Re: Using a string as filepath
Re: Using a string as filepath
- Subject: Re: Using a string as filepath
- From: "Michael Ash" <email@hidden>
- Date: Thu, 27 Nov 2008 00:11:49 -0500
On Wed, Nov 26, 2008 at 7:09 PM, Knut Lorenzen <email@hidden> wrote:
> Dear list,
>
> I would like to name a file according to an user defined entry. However, the
> user's name entry might be illegal as a filepath, containing illegal
> characters for a pathname like "." or "-" as 1st character, "/", ":", etc.
>
> I've looked into the Cocoa docs for NSString and NSFileManager to no avail.
>
> Is there a recommended way to "clean" an NSString in order to get a valid
> filepath?
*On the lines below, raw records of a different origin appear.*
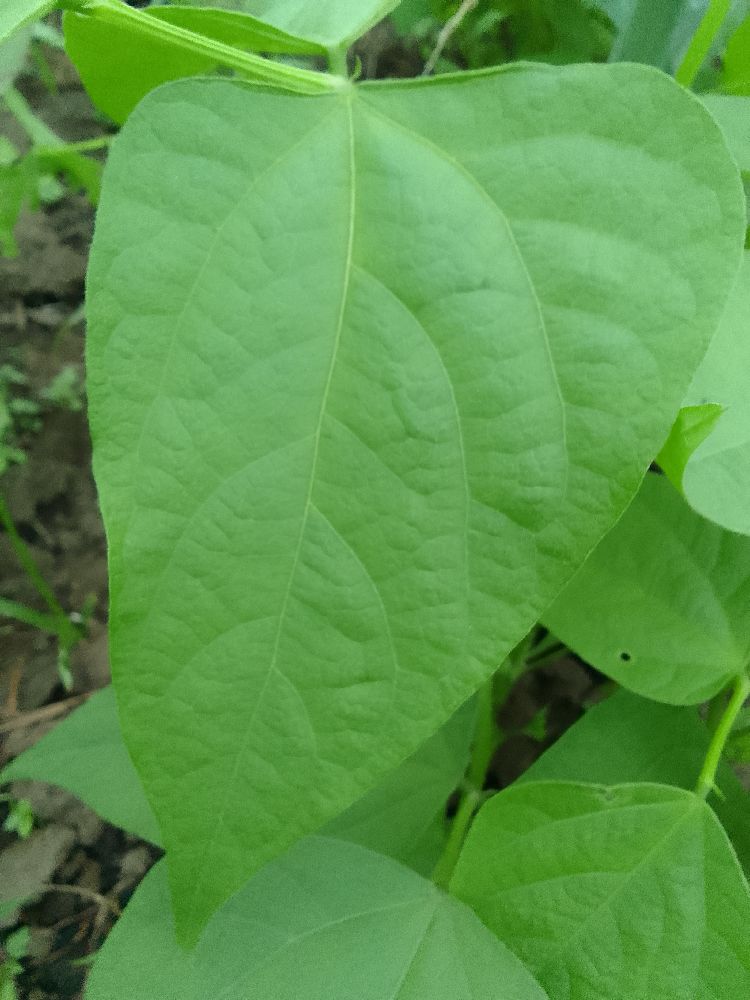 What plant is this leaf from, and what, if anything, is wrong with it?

common bean, healthy
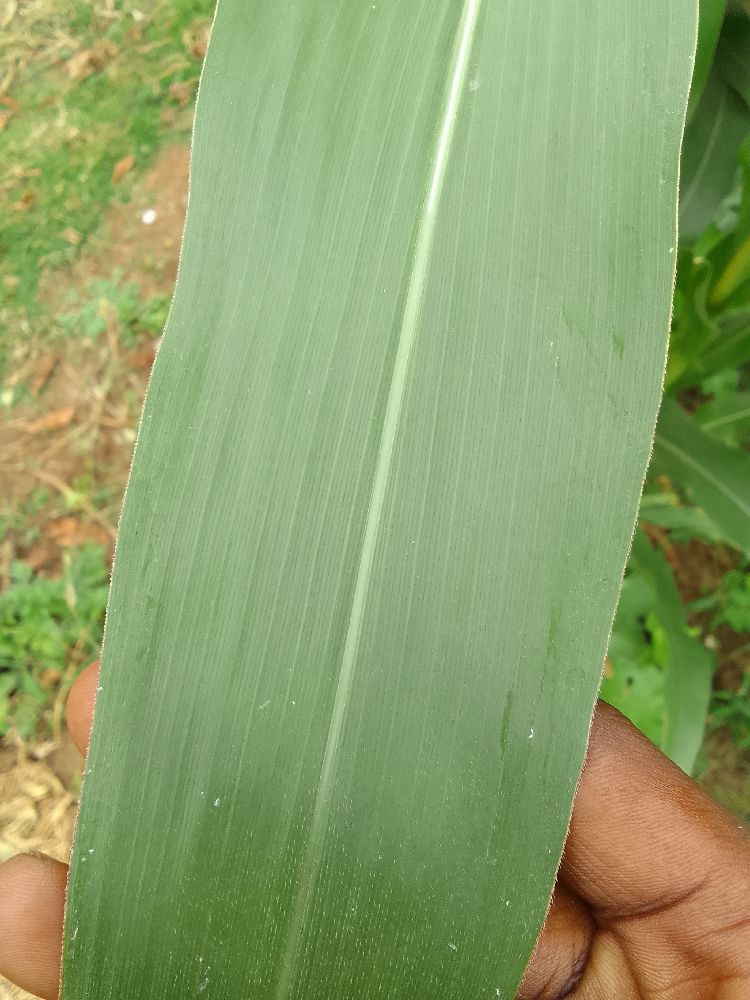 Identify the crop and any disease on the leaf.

maize, healthy
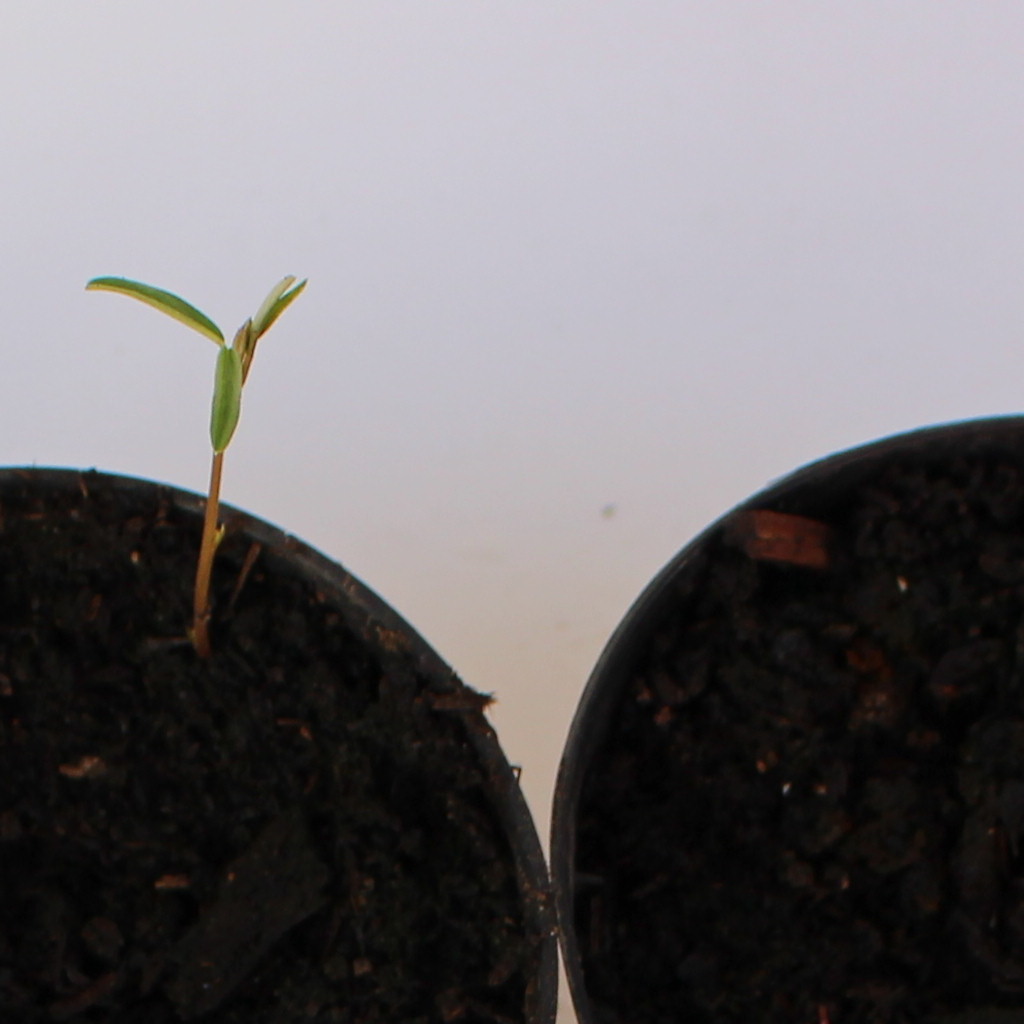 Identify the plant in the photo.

Vicia sativa
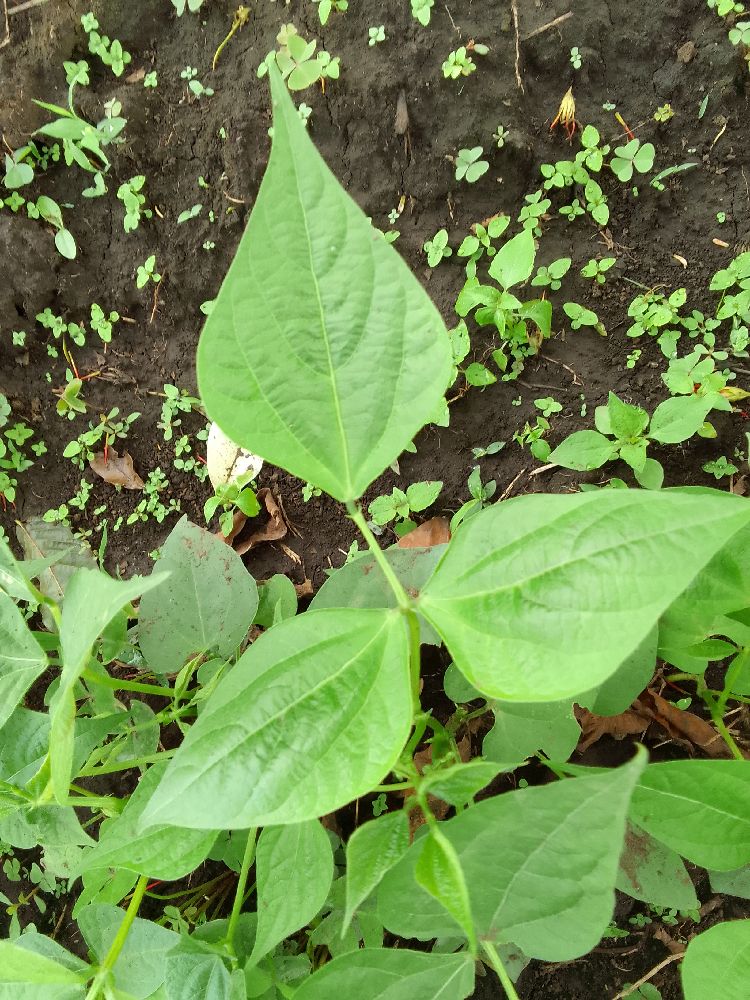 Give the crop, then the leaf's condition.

common bean, healthy

One could simply replace all suspicious characters with an
> underscore (or something else), but that is not very elegant and feels like
> fighting the framework.
There really isn't, because it's a pretty hard problem.
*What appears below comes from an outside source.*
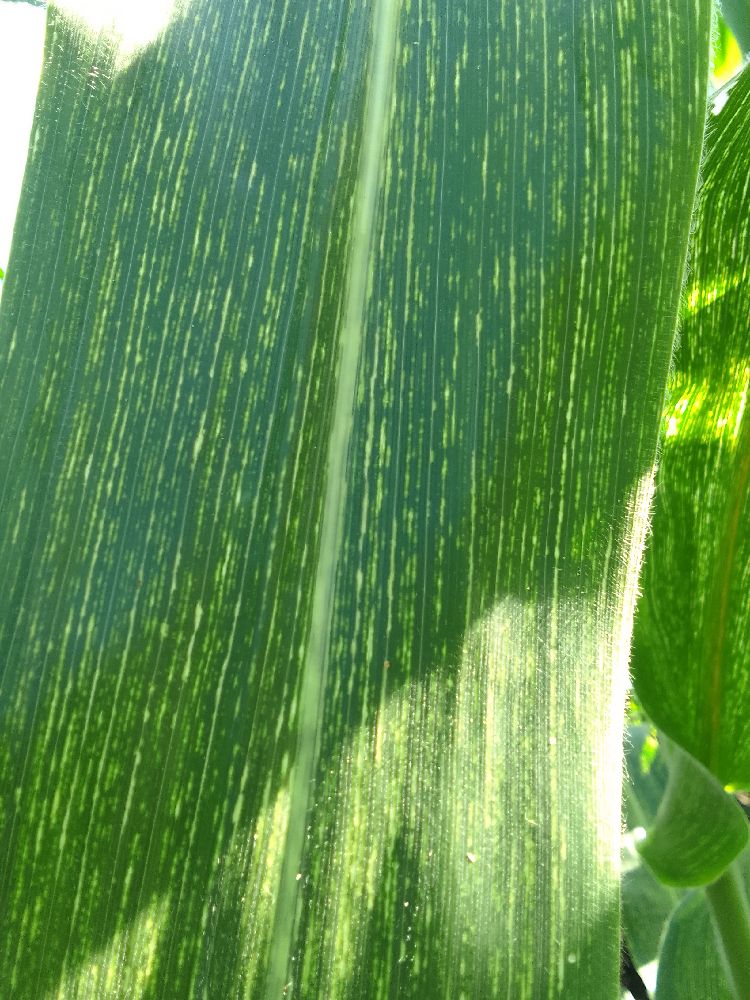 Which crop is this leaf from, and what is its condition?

maize, maize streak virus

The trouble is that legal characters depend mostly on the filesystem
you're writing to, and can vary widely. HFS+, for example, places no
limits on legal characters in filenames beyond what the POSIX
interface imposes on it, whereas FAT32 has a whole bunch of illegal
characters.
To make things worse, there's no way to query a filesystem and ask it
what characters it doesn't like (as far as I know). Worse yet, you
can't even reliably query a filesystem and find out what kind of
filesystem it actually *is*. Local filesystems can be queried, but if
you're connecting to a remote server via AFP, NFS, WebDav, or what
have you, the restrictions depend entirely on what the remote end is
running.
Add in the fact that there are not only character restrictions but
length restrictions (which are also all different) and you have a fine
mess.
Here's an approach I've taken in the past:
1) First, replace all instances of "/" with something else that's
reasonable, because "/" is never a legal filename character on any
filesystem. ":" is a good choice, because a ":" in a filename will be
rendered as a "/" in most GUI settings. This assumes you're using the
POSIX interfaces, or you're using something that uses them, like
anything that writes files in Cocoa.
2) Try to write the file. If it works, you're done.
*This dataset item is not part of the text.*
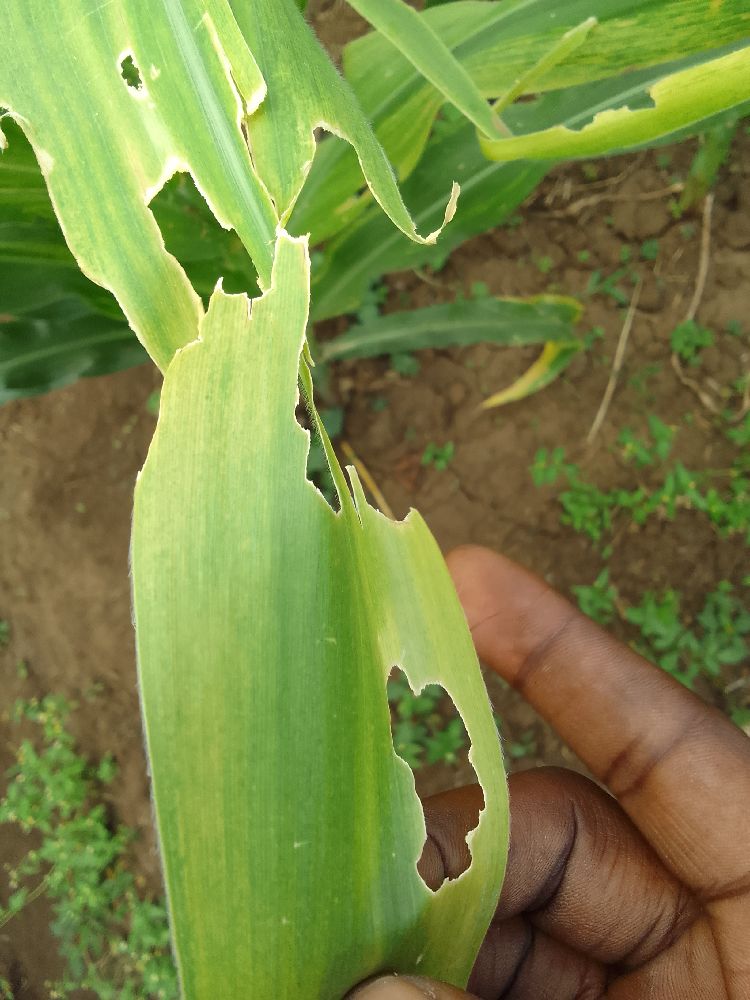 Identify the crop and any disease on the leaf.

maize, maize lethal necrosis

3) If the above failed, truncate the name to a reasonable length, such
as 255 bytes. This is sort of tricky. Some filesystems care about the
number of unichars, some care about the number of bytes in the UTF-8
representation, and some probably care about weird things I don't know
about. Be careful when truncating to not chop up surrogate pairs (if
doing a unichar-based chop) or UTF-8 code runs (if doing a byte-based
chop).
4) Test again.
5) If that test failed, fall back to a simple known-working name.
Obviously you can insert more steps as you desire. Depending on how
much time you want to spend on this, it may be worthwhile stripping
out all characters disallowed by FAT32 and any other commonly-used
filesystems as an additional step, and it may be worthwhile trying an
even shorter truncation after step 4. But you see the general idea,
which is basically that the only way to know if a name will work is to
try it. I'm pretty sure there's no better way to go, although as
usual, I would very much like for someone to prove me wrong here.